Records contained in a dataset:
=== Section Start ===

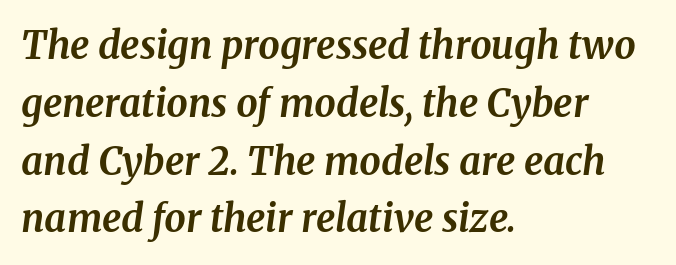
The face used here is rendered with its standard letterfit. Vertical spacing — default. Clear beneath every line of the passage. There's an unmistakable incline to the writing here. This is serif lettering, the kind often seen in printed books.
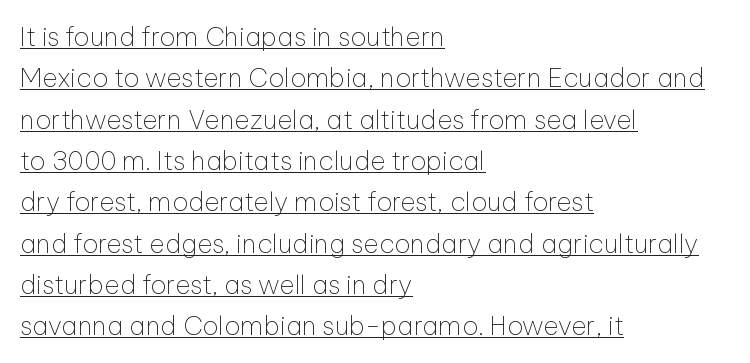
{"italic": "no", "bold": "no", "underline": "yes", "align": "left", "line_spacing": "normal", "line_spacing_ratio": 1.59, "letter_spacing": "normal", "letter_spacing_em": 0.0, "glyph_px": 26}
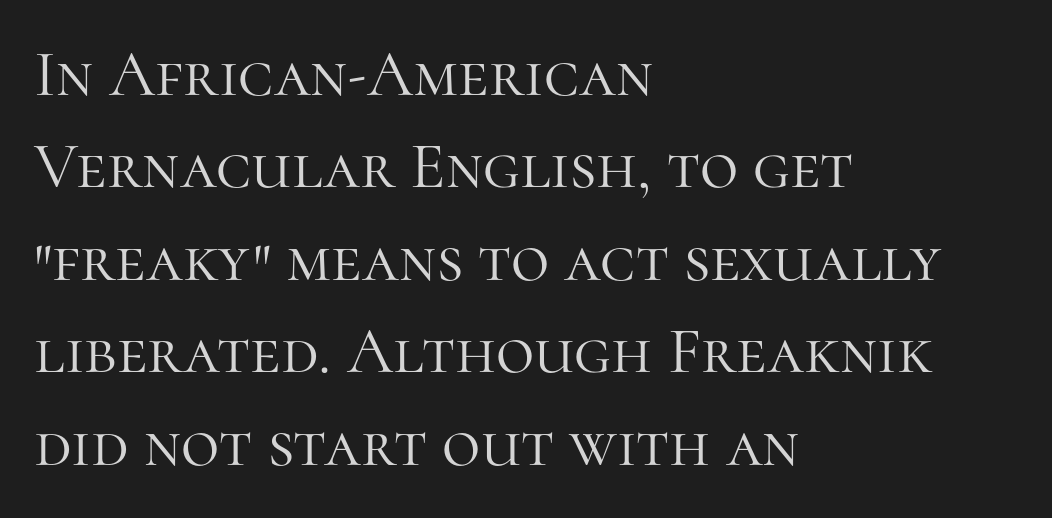
The image shows 66 px light serif type, upright; set left-aligned, normal line spacing (1.4x), normal letter spacing, not underlined; high stroke contrast and a medium x-height.
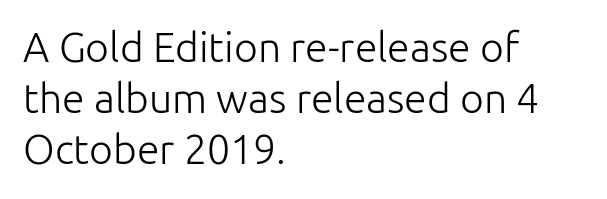
Notice how the passage keeps a crisp vertical edge on the left only. The rows are spaced the way most documents space them. Every character sits straight up, as roman type does. Looks like regular typesetting: each glyph gets only the width it needs. Stroke thickness stays within the range of a standard reading face or lighter. Letter spacing: default.
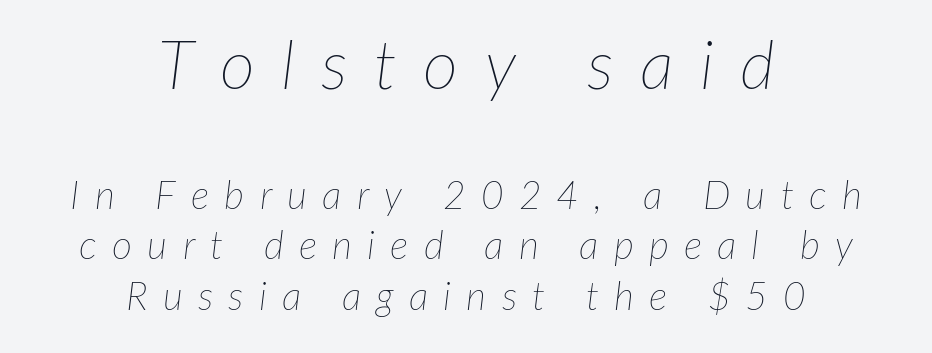
The image shows 68 px thin type, italic (leaning right); set centered, normal line spacing (1.3x), unusually wide letter spacing (+0.39 em), not underlined; the first (top) block is 1.74x larger; low stroke contrast and a medium x-height.
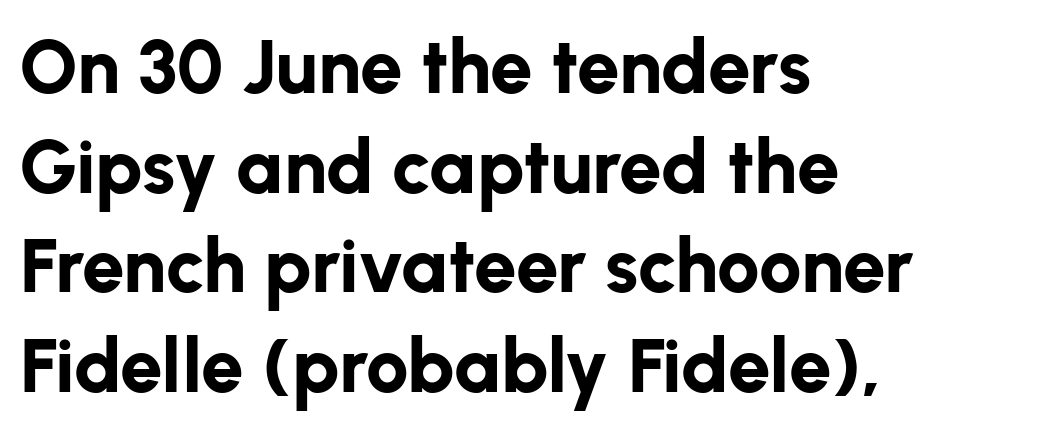
Its strokes are broad and dark, the hallmark of bold type. Notice how the stems are strictly vertical — no italics here. The horizontal fit of the characters is conventional and even. Looks like regular typesetting: each glyph gets only the width it needs.

=== Section End ===

§ **Task requirements**
The answer must be the lines of the entries above, written out exactly from the first through the one with "The image shows 66", and no pictures.

§ **Response to this exercise**
The face used here is rendered with its standard letterfit. Vertical spacing — default. Clear beneath every line of the passage. There's an unmistakable incline to the writing here. This is serif lettering, the kind often seen in printed books.
{"italic": "no", "bold": "no", "underline": "yes", "align": "left", "line_spacing": "normal", "line_spacing_ratio": 1.59, "letter_spacing": "normal", "letter_spacing_em": 0.0, "glyph_px": 26}
The image shows 66 px light serif type, upright; set left-aligned, normal line spacing (1.4x), normal letter spacing, not underlined; high stroke contrast and a medium x-height.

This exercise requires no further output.